- Born: 1934/1935 Mohipur Village, Rangpur District, Bengal, British India
- Died: December 25, 2013 (aged 79) Dhaka, Bangladesh
- Resting place: Mirpur, Graveyard
- Occupation: Photojournalist
- Employer: The Daily Ittefaq
- Awards: Ekushey Padak (2006)

= Aftab Ahmed (photojournalist) =

Bangladeshi photojournalist

Aftab Ahmed (c. 1934 – 25 December 2013) was a Bangladeshi photojournalist. He served as chief photographer of Bengali newspaper The Daily Ittefaq.

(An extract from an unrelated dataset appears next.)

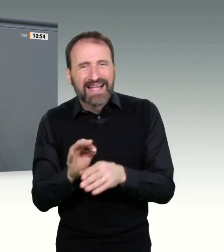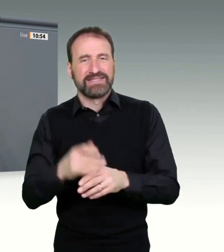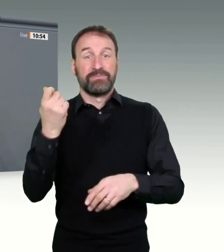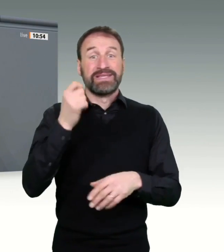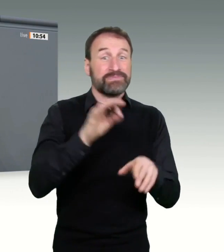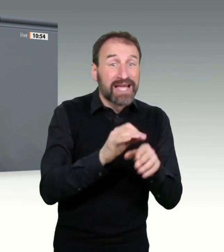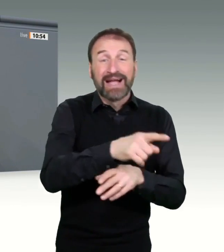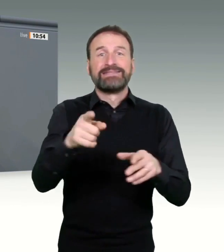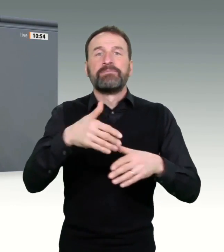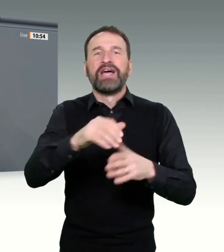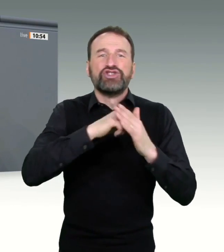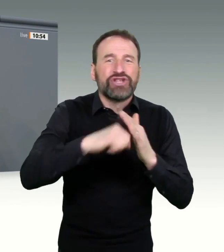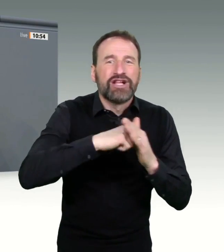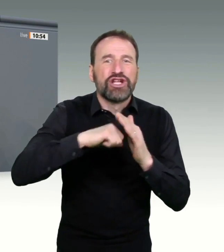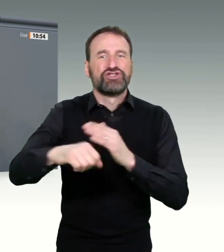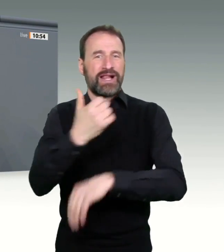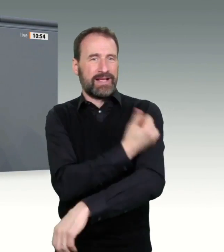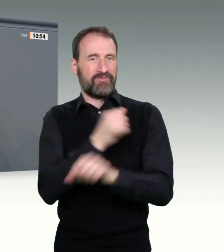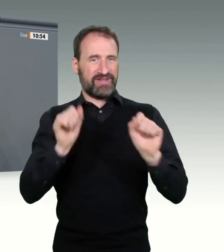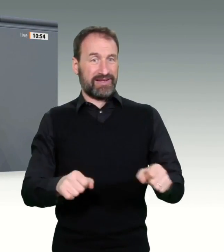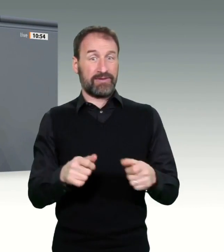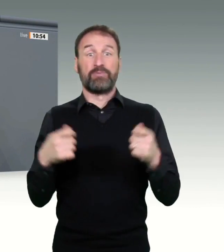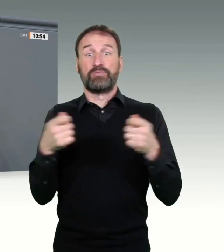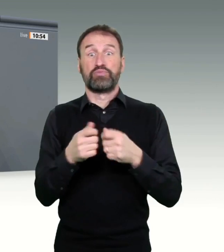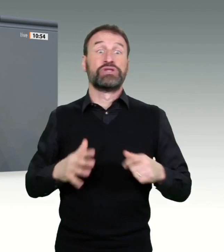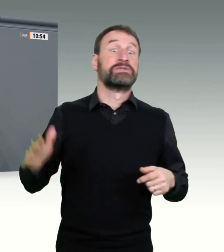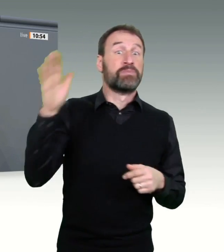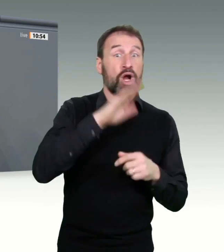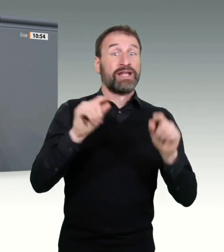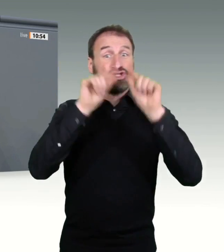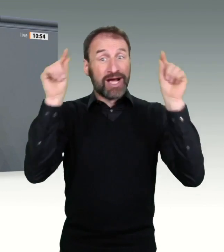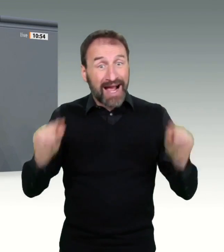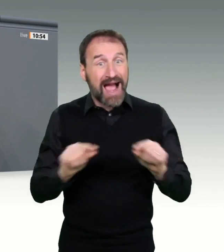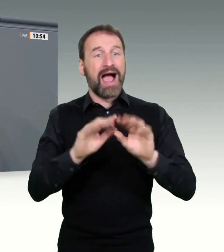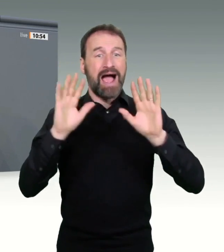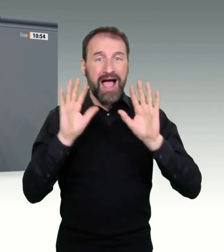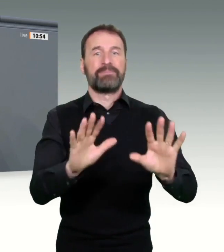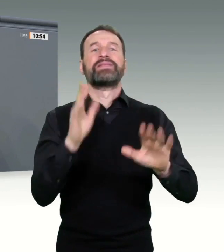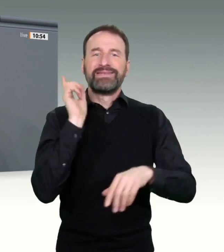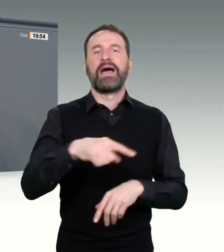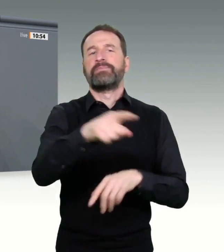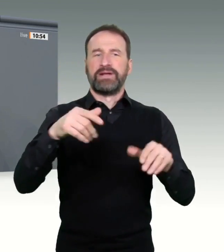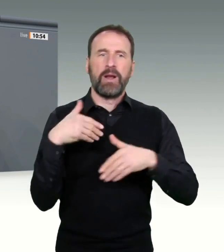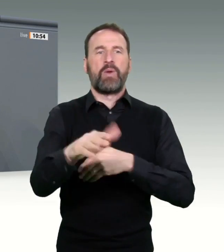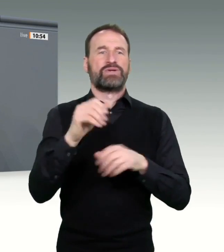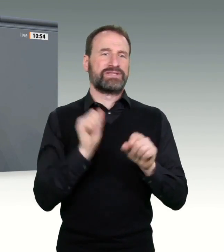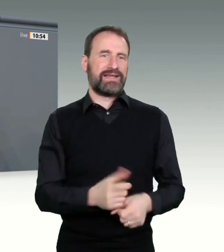ist das Problem nicht das fehlende internationale Impfportal, sondern dass ab Mitte März die Impfzentren in der Lage sein müssen,

He was awarded Ekushey Padak in 2006 by the Government of Bangladesh.

==Career==
Ahmed started his career as photojournalist in The Daily Ittefaq in 1962. He took photographs during the Liberation War of Bangladesh in 1971.

==Personal life==
Ahmed was married to Momtaz begum (died 29 June 2010). They had one son Monowar Ahmed and one daughter Afroz Ahmed.

==Death==
On 24 December 2013 Ahmed was found dead at his house in West Rampura region in Dhaka. According to the police, his hands and legs were tied up and a gag was wrapped around his mouth when his body was found. Dhaka Medical College morgue concluded his death was caused by strangulation in the post-mortem report. On 27 March 2017, 5 people were sentenced to death for his murder.